The POSTman knocks twice: Compliments to Benjamin Netanyahu

“Now is the time, Mr. Netanyahu, to rally your rational Likud followers with a program of timed steps towards Palestinian autonomy, while preserving or even thereby enhancing Israel’s security."

Prime Minister Benjamin Netanyahu at a special Knesset address, October 13, 2015 (photo credit: KOBI GIDON / GPO)
Prime Minister Benjamin Netanyahu at a special Knesset address, October 13, 2015
(photo credit: KOBI GIDON / GPO)
Prime Minister Benjamin Netanyahu deserves some compliments.
Compliment No. 1: As soon as it was clear that Russia was involving itself heavily in Syria, Netanyahu flew to Moscow to clarify face-to-face with Presid’ent Vladimir Putin what the Russian intentions and hopes were for Syria.
He also initiated a de facto collaboration technique to avoid potential clashes between Russian and Israeli forces, especially aircraft.
The prime minister thereby recognized that Russia will become puppet-master of some form of Syria, as it had been before 1967 and 1973, that is, before its arms and aircraft supplied to Egypt and Syria were crushed by Israeli soldiers and pilots using American arms.
Certainly, the American retreat from its redlines on Syria, drawn by US President Barack Obama in fading-to-invisible ink, signaled that the field was open.
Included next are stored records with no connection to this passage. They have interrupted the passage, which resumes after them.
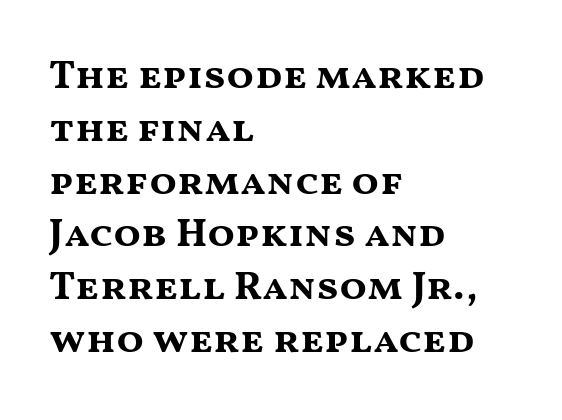
Q: Is the text bold? A: Yes.
Q: Is the text italic (slanted)? A: No, it is upright.
Q: Is the typeface a serif or a sans-serif typeface? A: Sans-serif.
Q: Is the text underlined? A: No.
Q: How is the paragraph aligned? A: Left-aligned.
Q: Is the spacing between letters normal or unusually wide? A: Normal.
Q: Is the spacing between lines tight, normal or loose? A: Normal.
Q: Width (condensed, normal, or wide)? A: Wide.
Q: Stroke contrast? A: Medium.
Q: x-height? A: Medium.
Q: Monospaced? A: No.
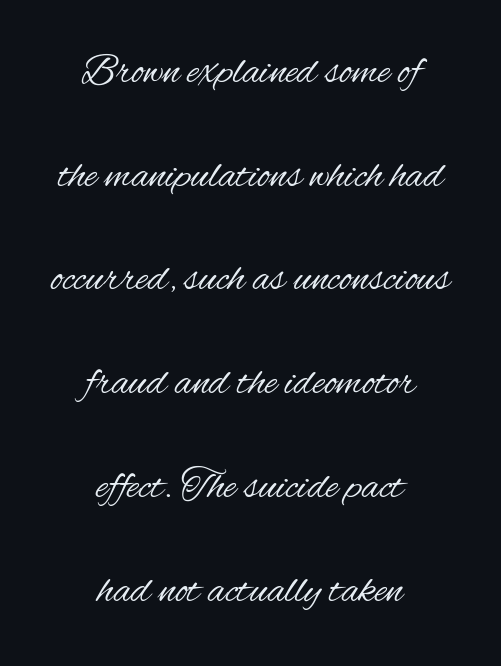
The image shows 42 px regular-weight, condensed sans-serif type; set centered, loose line spacing (2.47x), normal letter spacing, not underlined; medium stroke contrast and a small x-height.
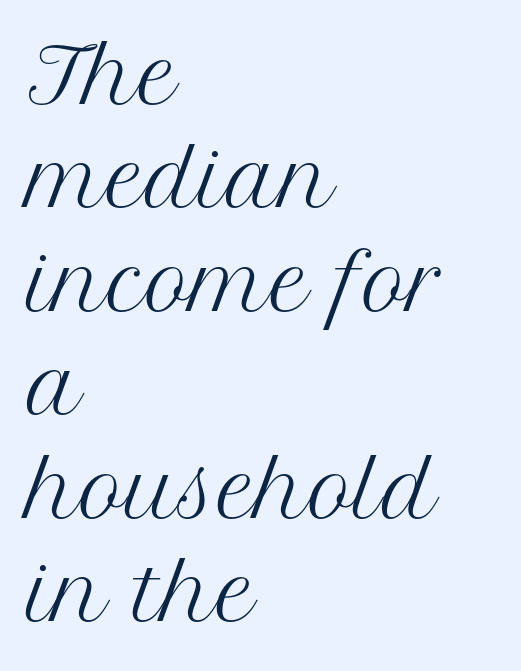
{"serif": "yes", "bold": "no", "weight": "regular", "width": "normal", "stroke_contrast": "medium", "x_height": "medium", "monospaced": "no", "underline": "no", "align": "left", "line_spacing": "normal", "line_spacing_ratio": 1.38, "letter_spacing": "normal", "letter_spacing_em": 0.0, "glyph_px": 75}
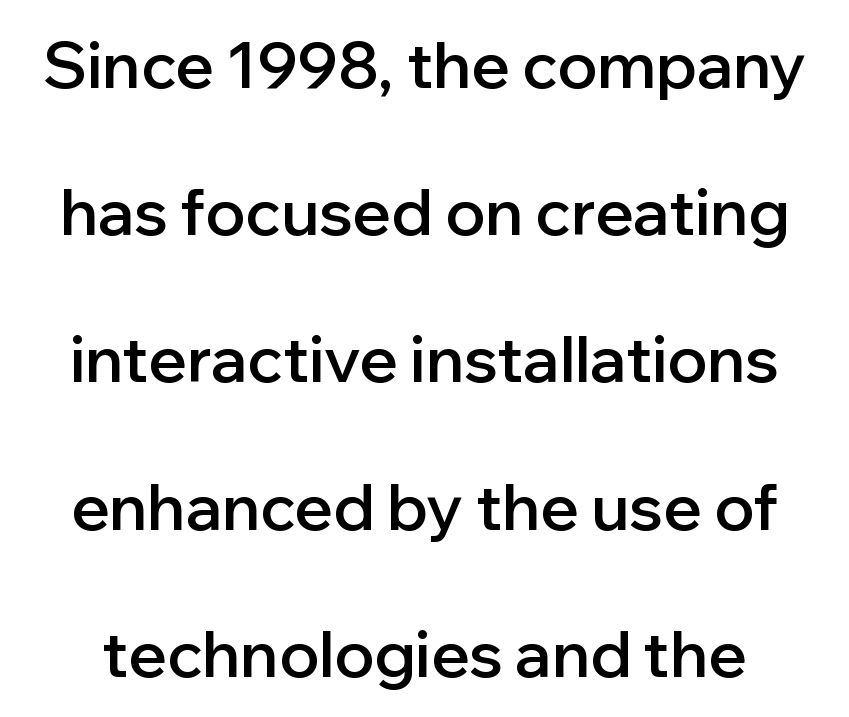
{"serif": "no", "italic": "no", "bold": "semi", "weight": "semibold", "width": "normal", "stroke_contrast": "low", "x_height": "medium", "monospaced": "no", "underline": "no", "line_spacing": "loose", "line_spacing_ratio": 2.3, "letter_spacing": "normal", "letter_spacing_em": 0.0, "glyph_px": 64}
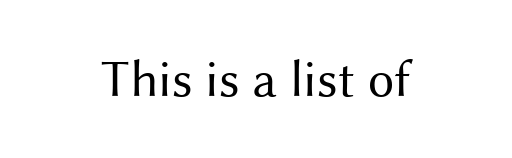
Varying glyph widths throughout — classic text-font behaviour. Neither beginnings nor endings align; midpoints do. The passage shown has conventional tracking throughout. Letterform terminals end flat and unadorned throughout the passage. Words float on clear page, feet unadorned.
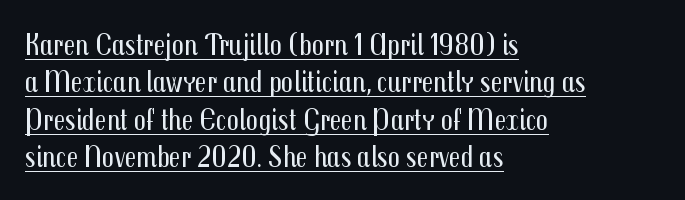
Every row of glyphs begins at an identical x-position on the left. The designer left line spacing at the default. The horizontal fit of the characters is conventional and even. Classification — sans serif. These lines are rendered in a variable-pitch font. The letters stand straight up with perfectly vertical stems.
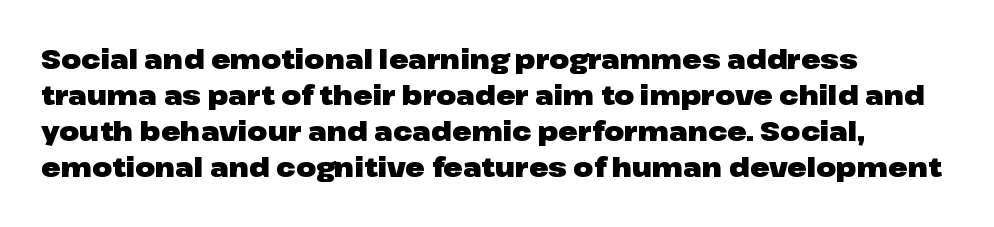
Clear beneath every line of the passage. The typography opts for an upright posture over an oblique one. Evenly set lines give the paragraph a standard silhouette. Standard letterfit; no display-style spreading of the glyphs. The compositor pushed each line to the left boundary.
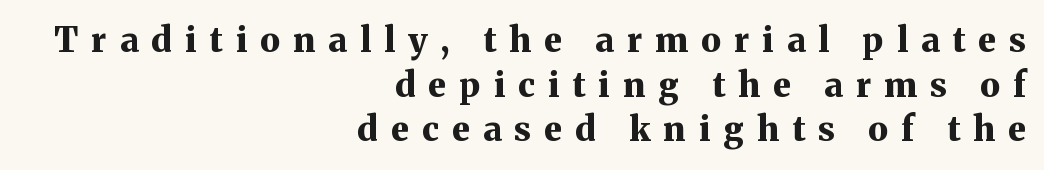
The image shows 34 px bold serif type, upright; set right-aligned, normal line spacing (1.31x), unusually wide letter spacing (+0.39 em), not underlined; medium stroke contrast and a medium x-height.
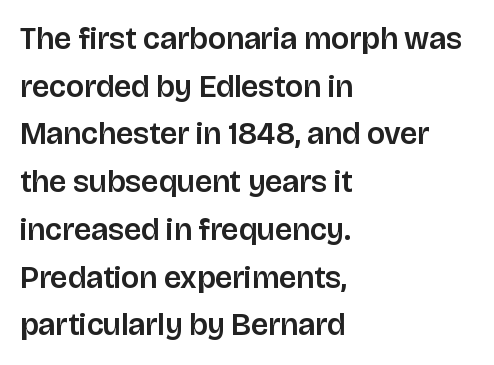
{"serif": "no", "italic": "no", "width": "normal", "stroke_contrast": "low", "x_height": "large", "monospaced": "no", "underline": "no", "align": "left", "line_spacing": "normal", "line_spacing_ratio": 1.54, "letter_spacing": "normal", "letter_spacing_em": 0.0, "glyph_px": 31}
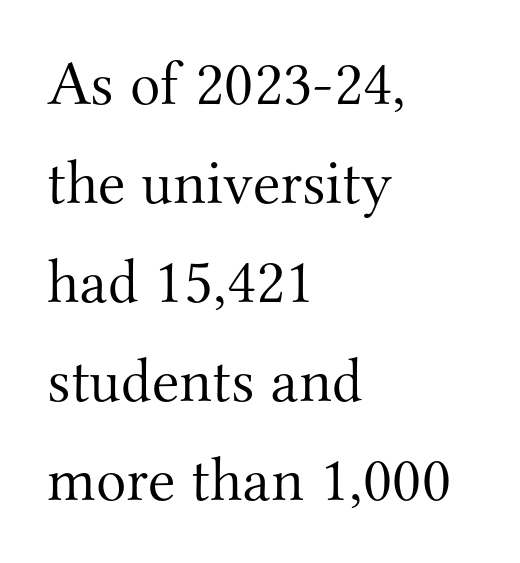
The image shows 63 px light serif type, upright; set left-aligned, normal line spacing (1.57x), normal letter spacing, not underlined; medium stroke contrast and a small x-height.
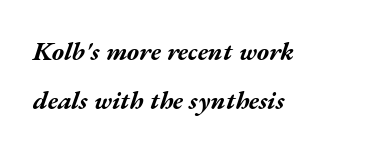
{"italic": "yes", "lean": "right", "slant_degrees": 17, "bold": "yes", "underline": "no", "align": "left", "line_spacing_ratio": 1.89, "letter_spacing": "normal", "letter_spacing_em": 0.0, "glyph_px": 26}
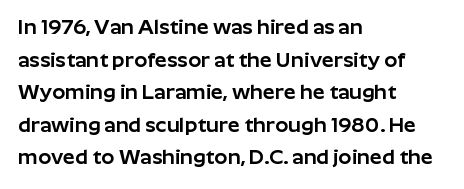
The image shows 21 px text type, upright; set left-aligned, normal line spacing (1.55x), normal letter spacing, not underlined.
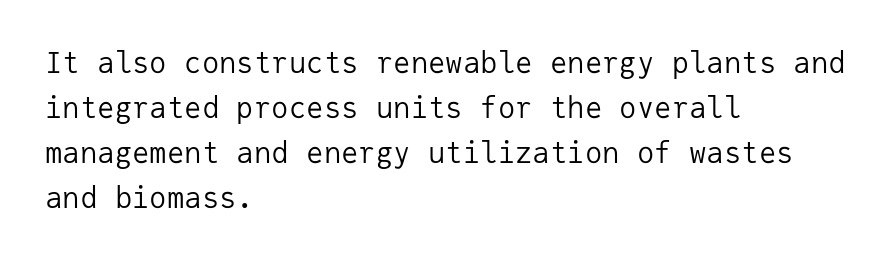
Q: Is the text bold? A: No.
Q: Is the text italic (slanted)? A: No, it is upright.
Q: Is the typeface a serif or a sans-serif typeface? A: Sans-serif.
Q: Is the text underlined? A: No.
Q: How is the paragraph aligned? A: Left-aligned.
Q: Is the spacing between letters normal or unusually wide? A: Normal.
Q: Is the spacing between lines tight, normal or loose? A: Normal.
Q: Width (condensed, normal, or wide)? A: Normal.
Q: Stroke contrast? A: Low.
Q: x-height? A: Medium.
Q: Monospaced? A: Yes.
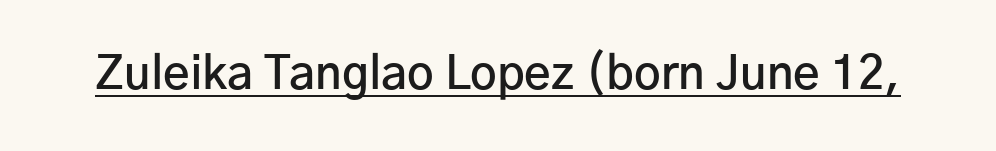
{"serif": "no", "italic": "no", "bold": "semi", "weight": "semibold", "width": "normal", "stroke_contrast": "low", "x_height": "medium", "monospaced": "no", "underline": "yes", "letter_spacing": "normal", "letter_spacing_em": 0.0, "glyph_px": 46}
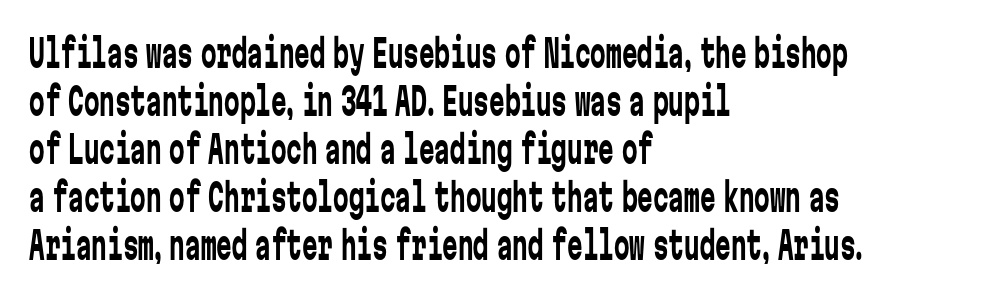
{"serif": "no", "italic": "no", "bold": "no", "weight": "regular", "width": "condensed", "stroke_contrast": "low", "x_height": "medium", "monospaced": "yes", "underline": "no", "align": "left", "line_spacing_ratio": 1.23, "letter_spacing": "normal", "letter_spacing_em": 0.0, "glyph_px": 39}
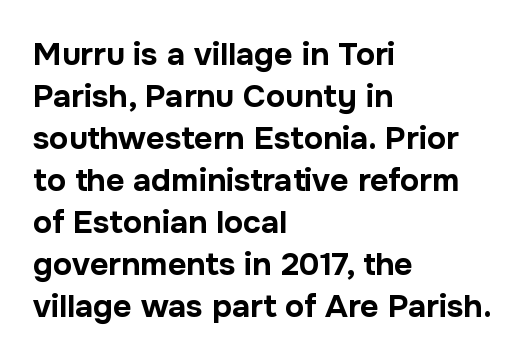
The image shows 32 px bold sans-serif type, upright; set left-aligned, normal line spacing (1.31x), normal letter spacing, not underlined; low stroke contrast and a medium x-height.
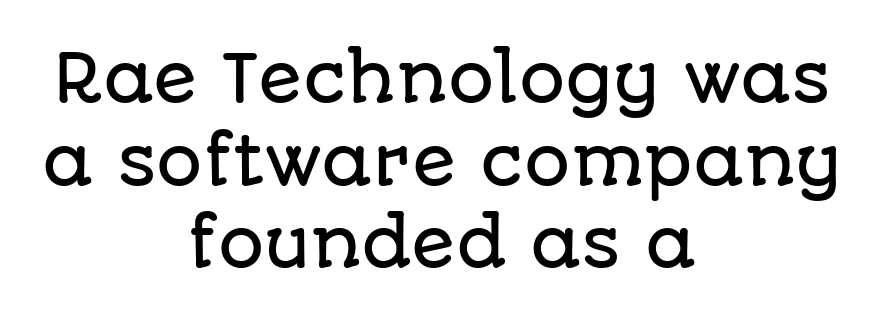
Q: Is the text italic (slanted)? A: No, it is upright.
Q: Is the typeface a serif or a sans-serif typeface? A: Sans-serif.
Q: Is the text underlined? A: No.
Q: How is the paragraph aligned? A: Centered.
Q: Is the spacing between letters normal or unusually wide? A: Normal.
Q: Is the spacing between lines tight, normal or loose? A: Normal.
Q: Width (condensed, normal, or wide)? A: Normal.
Q: Stroke contrast? A: Low.
Q: x-height? A: Large.
Q: Monospaced? A: No.
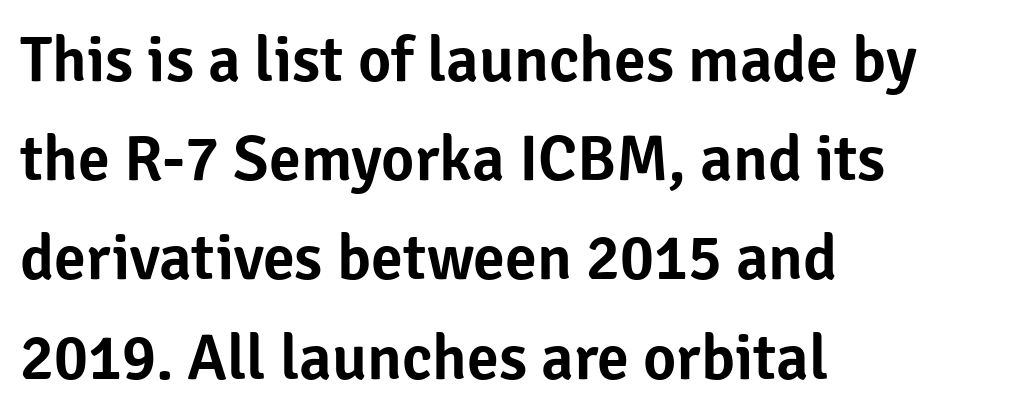
{"serif": "no", "italic": "no", "width": "normal", "stroke_contrast": "low", "x_height": "medium", "monospaced": "no", "underline": "no", "align": "left", "line_spacing": "normal", "line_spacing_ratio": 1.55, "letter_spacing": "normal", "letter_spacing_em": 0.0, "glyph_px": 64}
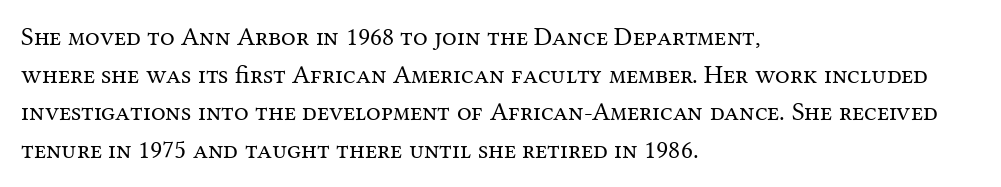
This sample is left-justified, so line endings fall wherever the words run out. Short note: letters normally spaced. These lines were composed using upright roman letters. Nothing heavy about these letters — not bold at all. The glyphs are unaccompanied by any horizontal stroke below them. Quick note: interline space is typical.
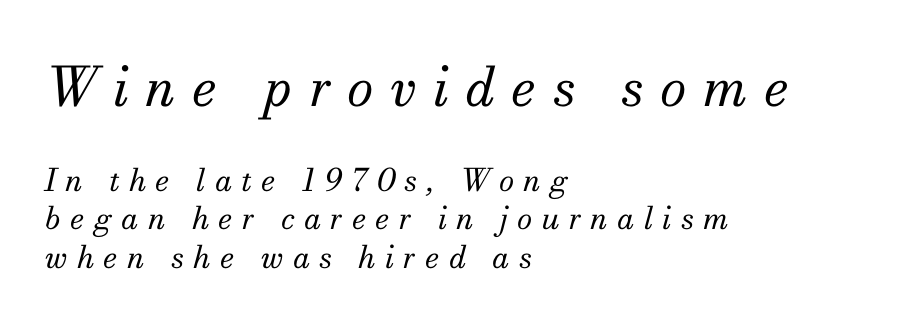
The image shows 54 px regular-weight serif type, italic (leaning right); set left-aligned, normal line spacing (1.25x), unusually wide letter spacing (+0.3 em), not underlined; the first (top) block is 1.74x larger; medium stroke contrast and a small x-height.

Russia leapt at the opportunity.
Netanyahu was right to rush off to Moscow to ensure Israel would retain relative freedom of action, and to state clearly to Putin what our interests are and will continue to be.
This is more than a tactical agreement.
It is a shift in Israeli strategy.
It should be seen as well in the wider strategic context of the fine work that has been done in tightening relations with India and improving Israel- Chinese ties.
Compliment No. 2: Israel has responded to Arab knife, drive-by and stone-throwing murders with sufficient force to slow down the number and scope of these human tragedies.
Although some feel that Israeli reactions to the situation are too extreme, the fact is that Netanyahu did not repeat the heavy-handed error made by his predecessor, Yitzhak Rabin. Reacting to the first intifada, Rabin said “we will break their bones.” Though probably used as a metaphor, this was actually acted upon by some of our commanders.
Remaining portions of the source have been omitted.